GERALDINE.
This simple child has claims
On your sentiment — her name's
Geraldine.
Be tender — but beware,
For she's frolicsome as fair,
And fifteen.
She has gifts that have not cloyed,
For these gifts she has employed,
And improved:
She has bliss which lives and leans
Upon loving — and that means
She is loved.
She has grace.

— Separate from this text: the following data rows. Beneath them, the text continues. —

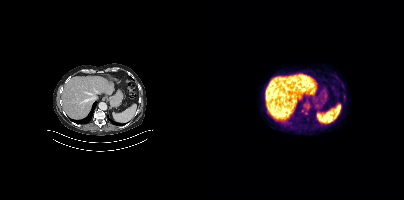
Findings: Negative for PSMA-avid disease on this slice.
Technique: Two-panel axial: CT | PSMA PET, 18F-PSMA tracer. PET panel 200×200 px (4.1 mm/px).
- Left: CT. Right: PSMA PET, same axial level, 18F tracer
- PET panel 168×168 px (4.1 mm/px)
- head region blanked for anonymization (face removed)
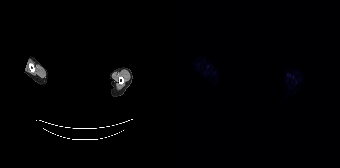
Findings: This slice has no annotated PSMA-avid lesion.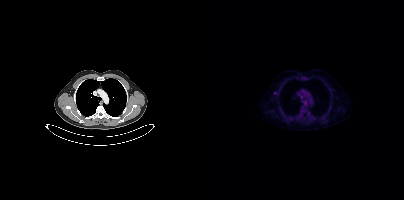
Coordinates are on the 200×200 PET (right) panel. Small PSMA-avid focus (2 to 4 px across) near (center x, center y): (70, 93).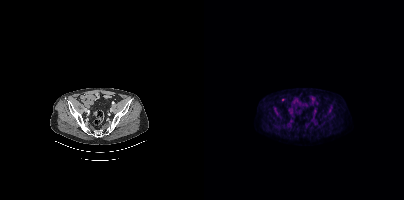
This slice has no annotated PSMA-avid lesion.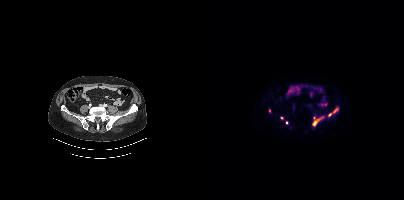
Coordinates are on the 200×200 PET (right) panel. PSMA-avid tumor lesion bounding boxes (x0,y0,x1,y1): [108,116,120,125]; [129,108,134,112]. Small PSMA-avid foci (2 to 4 px across) near (center x, center y): (125, 114); (82, 122); (65, 110); (77, 117); (109, 117).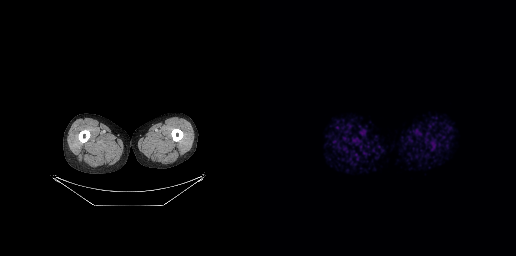
Two-panel axial: CT | PSMA PET, [18F]PSMA-1007 tracer. Slice 4 of 263. PET panel 256×256 px (2.7 mm/px). No tumor lesions annotated on this slice.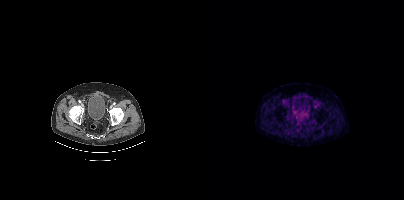
- Left: CT. Right: PSMA PET, same axial level, 18F tracer
- acquired on Siemens Biograph mCT Flow 20
Findings: This slice has no annotated PSMA-avid lesion.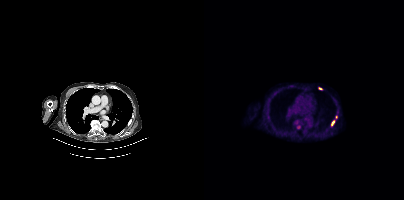
- Paired axial CT (left) and PSMA PET (right), [18F]PSMA-1007 tracer
- slice position z = 160 mm
- PET panel 200×200 px (4.1 mm/px)
Findings: Coordinates are on the 200×200 PET (right) panel. PSMA-avid tumor lesion bounding boxes (x0,y0,x1,y1): [127,120,131,126], [114,87,118,89]. Small PSMA-avid focus (2 to 4 px across) near (center x, center y): (132, 117).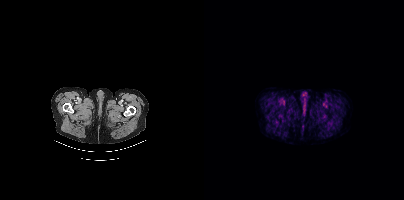
Paired axial CT (left) and PSMA PET (right), 18F tracer. Slice position z = -951 mm. This slice has no annotated PSMA-avid lesion.
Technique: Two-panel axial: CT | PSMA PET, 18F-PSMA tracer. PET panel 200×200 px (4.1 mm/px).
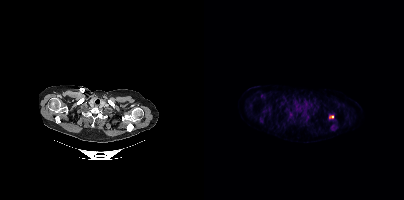
Findings: Coordinates are on the 200×200 PET (right) panel. PSMA-avid tumor lesion bounding box (x0,y0,x1,y1): [125,115,129,118].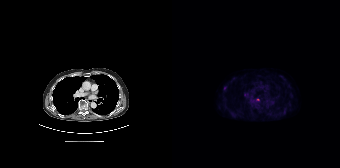
Left: CT. Right: PSMA PET, same axial level, [18F]PSMA-1007 tracer. Slice 114 of 165. Coordinates are on the 168×168 PET (right) panel. Small PSMA-avid foci (2 to 4 px across) near (center x, center y): (52, 87); (85, 99).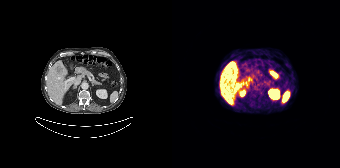
Technique: Two-panel axial: CT | PSMA PET, [68Ga]Ga-PSMA-11 tracer. slice 117 of 195.
Findings: Coordinates are on the 168×168 PET (right) panel. PSMA-avid tumor lesion bounding boxes (x0,y0,x1,y1): [54,62,63,72], [62,71,66,75]. Small PSMA-avid foci (2 to 4 px across) near (center x, center y): (59, 76), (74, 85).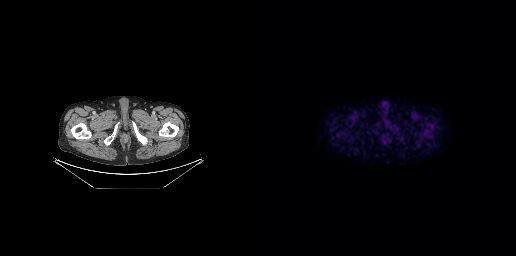
No PSMA-avid tumor lesions on this slice. Left: CT. Right: PSMA PET, same axial level, [18F]PSMA-1007 tracer.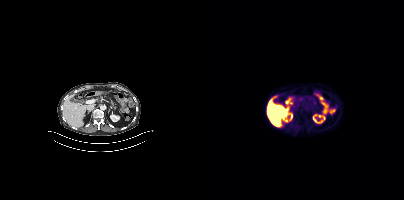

A grace refined
By sweet harmony of mind:
And the Art,
And the blessed Nature, too,
Of a tender, and a true
Little heart.
And yet I must not vault
Over any little fault
That she owns:
Or others might rebel,
And might enviously swell
In their zones.
She is tricksy as the fays,
Or her pussy when it plays
With a string:
She's a goose about her cat,
And her ribbons — and all that
Sort of thing.
These foibles are a blot,
Still she never can do what
Is not nice,
Such as quarrel, and give slaps —
As I've known her get, perhaps,
Once or twice.
The spells that move her soul
Are subtle — sad or droll —
She can show
That virtuoso whim
Which consecrates our dim
Long-ago.
A love that is not sham
For Stothard, Blake, and Lamb;
And I've known
Cordelia's sad eyes
Cause angel-tears to rise
In her own.
Her gentle spirit yearns
When she reads of Robin Burns —
Luckless Bard!
Had she blossomed in thy time,
How rare had been the rhyme
— And reward!
Thrice happy then is he
Who, planting such a Tree,
Sees it bloom
To shelter him — indeed
We have sorrow as we speed
To our doom!
I am happy having grown
Such a Sapling of my own;
And I crave
No garland for my brows,
But peace beneath its boughs
Till the grave.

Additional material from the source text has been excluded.